This post looks back at the last few years of progress in the area of weight loss surgery for children. As of 2012, the idea was gaining traction in some quarters, and cases of children as young as 12 were being studied.
In the same year, writer S.E. Smith wrote that marketing weight loss surgery to children is wrong because it is invasive and dangerous, and can irreversibly transform the metabolic system. The very fact that opinion is so divided is one of the ways in which children are hurt. Smith feels that it is a no-win situation, where you’re not supposed to be fat, but elective surgery isn’t exactly cool either. Smith writes,
When they get surgery, they’re told they are cheating and taking the easy way out. Because nothing says “easy way out” like having a chunk of your stomach removed and your intestines rerouted, as is the case with extreme procedures.
Smith is repulsed by the advertising of bariatric surgery, especially to children; and characterizes it as disgusting, and would like to see stricter federal regulations against it. The writer also described the obesity epidemic as a mythical construct that legitimizes bullying, stoked by rhetoric that is damaging, hateful, awful, and vile:
Fat hatred kills… When fat children are so bullied that they commit suicide… It kills when fat children go on extreme diets that are unhealthy for growing bodies, or when they descend into disordered eating because all they want, the only thing they want, the thing they need most in the world, is to not be fat anymore.

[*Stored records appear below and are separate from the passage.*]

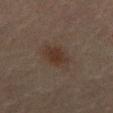workup = imaged on a skin check; not biopsied | subject = male, roughly 70 years of age | lesion diameter = about 4 mm | automated lesion analysis = an eccentricity of roughly 0.6; a border-irregularity rating of about 2/10, a within-lesion color-variation index near 2.5/10, and peripheral color asymmetry of about 1; a classifier nevus-likeness of about 80/100 and a detector confidence of about 100 out of 100 that the crop contains a lesion | anatomic site = the abdomen | image source = total-body-photography crop, ~15 mm field of view.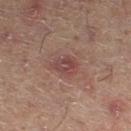Q: Was a biopsy performed?
A: no biopsy performed (imaged during a skin exam)
Q: How was this image acquired?
A: total-body-photography crop, ~15 mm field of view
Q: Patient demographics?
A: male, approximately 50 years of age
Q: Automated lesion metrics?
A: an average lesion color of about L≈38 a*≈20 b*≈19 (CIELAB), a lesion–skin lightness drop of about 7, and a lesion-to-skin contrast of about 6.5 (normalized; higher = more distinct)
Q: How was the tile lit?
A: cross-polarized illumination
Q: How large is the lesion?
A: about 3 mm
Q: Where on the body is the lesion?
A: the leg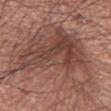Q: Was a biopsy performed?
A: catalogued during a skin exam; not biopsied
Q: Who is the patient?
A: male, about 60 years old
Q: How was this image acquired?
A: total-body-photography crop, ~15 mm field of view
Q: Where on the body is the lesion?
A: the leg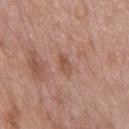biopsy_status: not biopsied; imaged during a skin examination
automated_metrics:
  vs_skin_darker_L: 8.0
  vs_skin_contrast_norm: 6.0
  border_irregularity_0_10: 3.0
  color_variation_0_10: 3.5
  peripheral_color_asymmetry: 1.5
  nevus_likeness_0_100: 0
  lesion_detection_confidence_0_100: 100
image:
  source: total-body photography crop
  field_of_view_mm: 15
site: chest
patient:
  sex: male
  age_approx: 55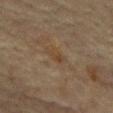Clinical impression: Recorded during total-body skin imaging; not selected for excision or biopsy. Context: From the mid back. An algorithmic analysis of the crop reported an area of roughly 3.5 mm², a shape eccentricity near 0.8, and a shape-asymmetry score of about 0.35 (0 = symmetric). It also reported a lesion-to-skin contrast of about 5.5 (normalized; higher = more distinct). And it measured a border-irregularity index near 3.5/10 and a color-variation rating of about 3/10. It also reported a nevus-likeness score of about 0/100. The recorded lesion diameter is about 2.5 mm. A 15 mm crop from a total-body photograph taken for skin-cancer surveillance. The patient is a male roughly 65 years of age.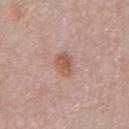Notes:
• image — ~15 mm tile from a whole-body skin photo
• location — the front of the torso
• lighting — white-light illumination
• subject — male, in their mid-50s
• lesion diameter — about 2.5 mm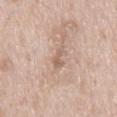{"site": "mid back", "lighting": "white-light", "lesion_size": {"long_diameter_mm_approx": 2.5}, "image": {"source": "total-body photography crop", "field_of_view_mm": 15}, "patient": {"sex": "male", "age_approx": 65}}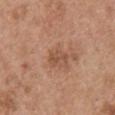The lesion was photographed on a routine skin check and not biopsied; there is no pathology result.
On the chest.
About 3 mm across.
A close-up tile cropped from a whole-body skin photograph, about 15 mm across.
A male subject roughly 50 years of age.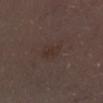Notes:
– follow-up — total-body-photography surveillance lesion; no biopsy
– imaging modality — 15 mm crop, total-body photography
– site — the left lower leg
– subject — male, about 70 years old
– automated metrics — a lesion area of about 6 mm², an outline eccentricity of about 0.75 (0 = round, 1 = elongated), and a symmetry-axis asymmetry near 0.3; a mean CIELAB color near L≈31 a*≈14 b*≈19, roughly 4 lightness units darker than nearby skin, and a normalized lesion–skin contrast near 5; an automated nevus-likeness rating near 0 out of 100 and a detector confidence of about 100 out of 100 that the crop contains a lesion
– size — ~3.5 mm (longest diameter)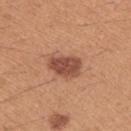workup = total-body-photography surveillance lesion; no biopsy
location = the left upper arm
image-analysis metrics = a footprint of about 10 mm² and a symmetry-axis asymmetry near 0.2; a border-irregularity rating of about 2/10, internal color variation of about 3 on a 0–10 scale, and a peripheral color-asymmetry measure near 1
lesion size = about 4.5 mm
patient = female, about 40 years old
lighting = white-light
imaging modality = ~15 mm crop, total-body skin-cancer survey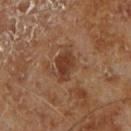Assessment:
This lesion was catalogued during total-body skin photography and was not selected for biopsy.
Context:
The patient is a male aged 68 to 72. The lesion is located on the leg. A lesion tile, about 15 mm wide, cut from a 3D total-body photograph.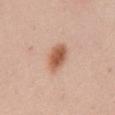Findings:
- notes · no biopsy performed (imaged during a skin exam)
- location · the mid back
- patient · female, aged 38 to 42
- automated lesion analysis · an area of roughly 7.5 mm² and an outline eccentricity of about 0.85 (0 = round, 1 = elongated); border irregularity of about 2 on a 0–10 scale and radial color variation of about 1
- acquisition · 15 mm crop, total-body photography
- lighting · white-light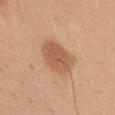| feature | finding |
|---|---|
| biopsy status | imaged on a skin check; not biopsied |
| site | the right upper arm |
| image-analysis metrics | an average lesion color of about L≈57 a*≈23 b*≈34 (CIELAB), roughly 10 lightness units darker than nearby skin, and a normalized border contrast of about 7; a border-irregularity rating of about 1.5/10 and internal color variation of about 3 on a 0–10 scale; a classifier nevus-likeness of about 95/100 and a detector confidence of about 100 out of 100 that the crop contains a lesion |
| lesion size | ~4.5 mm (longest diameter) |
| illumination | white-light illumination |
| imaging modality | total-body-photography crop, ~15 mm field of view |
| patient | female, in their 40s |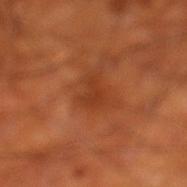{"biopsy_status": "not biopsied; imaged during a skin examination", "image": {"source": "total-body photography crop", "field_of_view_mm": 15}, "lesion_size": {"long_diameter_mm_approx": 3.0}, "lighting": "cross-polarized", "patient": {"sex": "male", "age_approx": 70}, "site": "left lower leg"}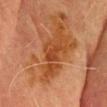Clinical impression: Imaged during a routine full-body skin examination; the lesion was not biopsied and no histopathology is available.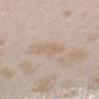The lesion was photographed on a routine skin check and not biopsied; there is no pathology result.
The lesion's longest dimension is about 3.5 mm.
A female patient in their mid- to late 20s.
From the arm.
Imaged with white-light lighting.
This image is a 15 mm lesion crop taken from a total-body photograph.
Automated image analysis of the tile measured a lesion area of about 4.5 mm², an eccentricity of roughly 0.9, and a shape-asymmetry score of about 0.25 (0 = symmetric). The analysis additionally found an average lesion color of about L≈64 a*≈13 b*≈28 (CIELAB) and about 6 CIELAB-L* units darker than the surrounding skin.

In 2013, the Downey Obesity Report mentioned a meta-analysis published in JAMA Surgery about adult bariatric surgeries. The researchers waded through 164 studies concerning 161,756 patients with a mean age of 44 years, and found a complication rate of 17% and a re-operation rate of 7%, figures that should have made everybody think twice about putting children through this ordeal.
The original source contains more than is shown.